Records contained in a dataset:

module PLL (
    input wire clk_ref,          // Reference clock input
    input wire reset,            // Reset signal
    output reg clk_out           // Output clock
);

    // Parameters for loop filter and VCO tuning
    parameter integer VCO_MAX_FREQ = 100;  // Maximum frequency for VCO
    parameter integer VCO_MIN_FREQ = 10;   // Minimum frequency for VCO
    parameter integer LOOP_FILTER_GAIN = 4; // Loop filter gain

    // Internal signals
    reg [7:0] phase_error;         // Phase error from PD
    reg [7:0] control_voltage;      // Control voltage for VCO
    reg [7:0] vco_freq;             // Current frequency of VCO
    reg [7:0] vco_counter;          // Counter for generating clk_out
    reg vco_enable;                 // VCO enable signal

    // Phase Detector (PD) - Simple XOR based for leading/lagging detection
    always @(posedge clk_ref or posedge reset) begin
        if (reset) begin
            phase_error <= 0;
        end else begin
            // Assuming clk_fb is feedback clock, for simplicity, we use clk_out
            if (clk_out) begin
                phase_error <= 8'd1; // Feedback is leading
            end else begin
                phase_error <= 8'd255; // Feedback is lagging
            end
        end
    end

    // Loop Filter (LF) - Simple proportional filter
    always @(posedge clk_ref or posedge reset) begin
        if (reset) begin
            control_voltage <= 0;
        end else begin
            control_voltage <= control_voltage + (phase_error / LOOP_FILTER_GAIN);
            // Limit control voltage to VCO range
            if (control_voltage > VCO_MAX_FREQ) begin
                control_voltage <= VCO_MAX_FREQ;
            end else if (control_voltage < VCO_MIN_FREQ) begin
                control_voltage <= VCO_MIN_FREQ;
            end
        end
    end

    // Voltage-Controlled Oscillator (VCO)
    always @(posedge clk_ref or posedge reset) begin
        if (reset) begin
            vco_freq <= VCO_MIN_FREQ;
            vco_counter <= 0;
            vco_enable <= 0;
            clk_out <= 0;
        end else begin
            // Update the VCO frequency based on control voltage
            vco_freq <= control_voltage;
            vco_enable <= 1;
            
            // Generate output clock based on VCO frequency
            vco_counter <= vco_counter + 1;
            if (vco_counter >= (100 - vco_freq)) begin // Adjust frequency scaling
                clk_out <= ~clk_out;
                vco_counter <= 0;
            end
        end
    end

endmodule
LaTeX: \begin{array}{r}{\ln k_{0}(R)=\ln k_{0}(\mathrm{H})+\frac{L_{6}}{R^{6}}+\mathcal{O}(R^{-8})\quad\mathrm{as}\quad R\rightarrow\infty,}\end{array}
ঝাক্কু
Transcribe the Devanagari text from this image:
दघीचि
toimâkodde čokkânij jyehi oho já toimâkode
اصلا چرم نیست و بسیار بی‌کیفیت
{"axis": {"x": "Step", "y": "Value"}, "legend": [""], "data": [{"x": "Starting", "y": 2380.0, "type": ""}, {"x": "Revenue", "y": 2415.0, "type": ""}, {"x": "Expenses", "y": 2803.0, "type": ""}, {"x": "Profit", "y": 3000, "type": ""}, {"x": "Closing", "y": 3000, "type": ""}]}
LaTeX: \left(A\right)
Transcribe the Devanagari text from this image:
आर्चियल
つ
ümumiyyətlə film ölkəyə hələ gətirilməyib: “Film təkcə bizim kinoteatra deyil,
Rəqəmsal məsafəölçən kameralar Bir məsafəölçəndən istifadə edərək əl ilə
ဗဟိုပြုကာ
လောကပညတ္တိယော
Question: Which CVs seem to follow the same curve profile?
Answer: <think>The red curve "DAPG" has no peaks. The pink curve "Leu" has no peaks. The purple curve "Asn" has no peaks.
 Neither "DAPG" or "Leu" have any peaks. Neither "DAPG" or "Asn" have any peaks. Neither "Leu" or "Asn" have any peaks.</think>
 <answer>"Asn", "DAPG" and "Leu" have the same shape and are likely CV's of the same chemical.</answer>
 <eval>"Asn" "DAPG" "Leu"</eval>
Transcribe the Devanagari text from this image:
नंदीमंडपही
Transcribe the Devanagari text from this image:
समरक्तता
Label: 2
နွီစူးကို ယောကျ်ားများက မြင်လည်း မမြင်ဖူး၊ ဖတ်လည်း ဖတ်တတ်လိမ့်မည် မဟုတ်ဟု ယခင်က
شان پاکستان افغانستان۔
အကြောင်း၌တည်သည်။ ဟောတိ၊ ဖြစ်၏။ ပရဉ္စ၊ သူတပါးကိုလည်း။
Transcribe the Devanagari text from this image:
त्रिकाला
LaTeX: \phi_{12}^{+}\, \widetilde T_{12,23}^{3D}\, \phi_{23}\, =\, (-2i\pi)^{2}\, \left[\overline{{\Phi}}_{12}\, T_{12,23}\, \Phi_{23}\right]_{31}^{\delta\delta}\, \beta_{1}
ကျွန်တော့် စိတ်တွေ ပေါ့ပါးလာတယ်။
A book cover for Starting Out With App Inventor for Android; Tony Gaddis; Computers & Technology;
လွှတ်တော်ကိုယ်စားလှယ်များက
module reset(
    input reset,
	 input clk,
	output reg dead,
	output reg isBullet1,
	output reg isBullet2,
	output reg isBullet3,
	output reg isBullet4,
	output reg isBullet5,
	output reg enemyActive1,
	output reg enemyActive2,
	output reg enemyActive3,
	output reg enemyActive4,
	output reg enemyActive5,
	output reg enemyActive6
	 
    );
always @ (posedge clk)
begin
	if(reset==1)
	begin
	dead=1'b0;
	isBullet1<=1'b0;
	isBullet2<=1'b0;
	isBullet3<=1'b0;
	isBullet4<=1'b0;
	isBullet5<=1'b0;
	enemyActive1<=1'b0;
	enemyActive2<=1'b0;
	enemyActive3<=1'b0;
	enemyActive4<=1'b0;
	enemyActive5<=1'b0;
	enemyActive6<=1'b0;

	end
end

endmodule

## [Exercise directions]
None of the records may be omitted or altered when they are given again.

## [Written answer]
module PLL (
    input wire clk_ref,          // Reference clock input
    input wire reset,            // Reset signal
    output reg clk_out           // Output clock
);

    // Parameters for loop filter and VCO tuning
    parameter integer VCO_MAX_FREQ = 100;  // Maximum frequency for VCO
    parameter integer VCO_MIN_FREQ = 10;   // Minimum frequency for VCO
    parameter integer LOOP_FILTER_GAIN = 4; // Loop filter gain

    // Internal signals
    reg [7:0] phase_error;         // Phase error from PD
    reg [7:0] control_voltage;      // Control voltage for VCO
    reg [7:0] vco_freq;             // Current frequency of VCO
    reg [7:0] vco_counter;          // Counter for generating clk_out
    reg vco_enable;                 // VCO enable signal

    // Phase Detector (PD) - Simple XOR based for leading/lagging detection
    always @(posedge clk_ref or posedge reset) begin
        if (reset) begin
            phase_error <= 0;
        end else begin
            // Assuming clk_fb is feedback clock, for simplicity, we use clk_out
            if (clk_out) begin
                phase_error <= 8'd1; // Feedback is leading
            end else begin
                phase_error <= 8'd255; // Feedback is lagging
            end
        end
    end

    // Loop Filter (LF) - Simple proportional filter
    always @(posedge clk_ref or posedge reset) begin
        if (reset) begin
            control_voltage <= 0;
        end else begin
            control_voltage <= control_voltage + (phase_error / LOOP_FILTER_GAIN);
            // Limit control voltage to VCO range
            if (control_voltage > VCO_MAX_FREQ) begin
                control_voltage <= VCO_MAX_FREQ;
            end else if (control_voltage < VCO_MIN_FREQ) begin
                control_voltage <= VCO_MIN_FREQ;
            end
        end
    end

    // Voltage-Controlled Oscillator (VCO)
    always @(posedge clk_ref or posedge reset) begin
        if (reset) begin
            vco_freq <= VCO_MIN_FREQ;
            vco_counter <= 0;
            vco_enable <= 0;
            clk_out <= 0;
        end else begin
            // Update the VCO frequency based on control voltage
            vco_freq <= control_voltage;
            vco_enable <= 1;
            
            // Generate output clock based on VCO frequency
            vco_counter <= vco_counter + 1;
            if (vco_counter >= (100 - vco_freq)) begin // Adjust frequency scaling
                clk_out <= ~clk_out;
                vco_counter <= 0;
            end
        end
    end

endmodule
LaTeX: \begin{array}{r}{\ln k_{0}(R)=\ln k_{0}(\mathrm{H})+\frac{L_{6}}{R^{6}}+\mathcal{O}(R^{-8})\quad\mathrm{as}\quad R\rightarrow\infty,}\end{array}
ঝাক্কু
Transcribe the Devanagari text from this image:
दघीचि
toimâkodde čokkânij jyehi oho já toimâkode
اصلا چرم نیست و بسیار بی‌کیفیت
{"axis": {"x": "Step", "y": "Value"}, "legend": [""], "data": [{"x": "Starting", "y": 2380.0, "type": ""}, {"x": "Revenue", "y": 2415.0, "type": ""}, {"x": "Expenses", "y": 2803.0, "type": ""}, {"x": "Profit", "y": 3000, "type": ""}, {"x": "Closing", "y": 3000, "type": ""}]}
LaTeX: \left(A\right)
Transcribe the Devanagari text from this image:
आर्चियल
つ
ümumiyyətlə film ölkəyə hələ gətirilməyib: “Film təkcə bizim kinoteatra deyil,
Rəqəmsal məsafəölçən kameralar Bir məsafəölçəndən istifadə edərək əl ilə
ဗဟိုပြုကာ
လောကပညတ္တိယော
Question: Which CVs seem to follow the same curve profile?
Answer: <think>The red curve "DAPG" has no peaks. The pink curve "Leu" has no peaks. The purple curve "Asn" has no peaks.
 Neither "DAPG" or "Leu" have any peaks. Neither "DAPG" or "Asn" have any peaks. Neither "Leu" or "Asn" have any peaks.</think>
 <answer>"Asn", "DAPG" and "Leu" have the same shape and are likely CV's of the same chemical.</answer>
 <eval>"Asn" "DAPG" "Leu"</eval>
Transcribe the Devanagari text from this image:
नंदीमंडपही
Transcribe the Devanagari text from this image:
समरक्तता
Label: 2
နွီစူးကို ယောကျ်ားများက မြင်လည်း မမြင်ဖူး၊ ဖတ်လည်း ဖတ်တတ်လိမ့်မည် မဟုတ်ဟု ယခင်က
شان پاکستان افغانستان۔
အကြောင်း၌တည်သည်။ ဟောတိ၊ ဖြစ်၏။ ပရဉ္စ၊ သူတပါးကိုလည်း။
Transcribe the Devanagari text from this image:
त्रिकाला
LaTeX: \phi_{12}^{+}\, \widetilde T_{12,23}^{3D}\, \phi_{23}\, =\, (-2i\pi)^{2}\, \left[\overline{{\Phi}}_{12}\, T_{12,23}\, \Phi_{23}\right]_{31}^{\delta\delta}\, \beta_{1}
ကျွန်တော့် စိတ်တွေ ပေါ့ပါးလာတယ်။
A book cover for Starting Out With App Inventor for Android; Tony Gaddis; Computers & Technology;
လွှတ်တော်ကိုယ်စားလှယ်များက
module reset(
    input reset,
	 input clk,
	output reg dead,
	output reg isBullet1,
	output reg isBullet2,
	output reg isBullet3,
	output reg isBullet4,
	output reg isBullet5,
	output reg enemyActive1,
	output reg enemyActive2,
	output reg enemyActive3,
	output reg enemyActive4,
	output reg enemyActive5,
	output reg enemyActive6
	 
    );
always @ (posedge clk)
begin
	if(reset==1)
	begin
	dead=1'b0;
	isBullet1<=1'b0;
	isBullet2<=1'b0;
	isBullet3<=1'b0;
	isBullet4<=1'b0;
	isBullet5<=1'b0;
	enemyActive1<=1'b0;
	enemyActive2<=1'b0;
	enemyActive3<=1'b0;
	enemyActive4<=1'b0;
	enemyActive5<=1'b0;
	enemyActive6<=1'b0;

	end
end

endmodule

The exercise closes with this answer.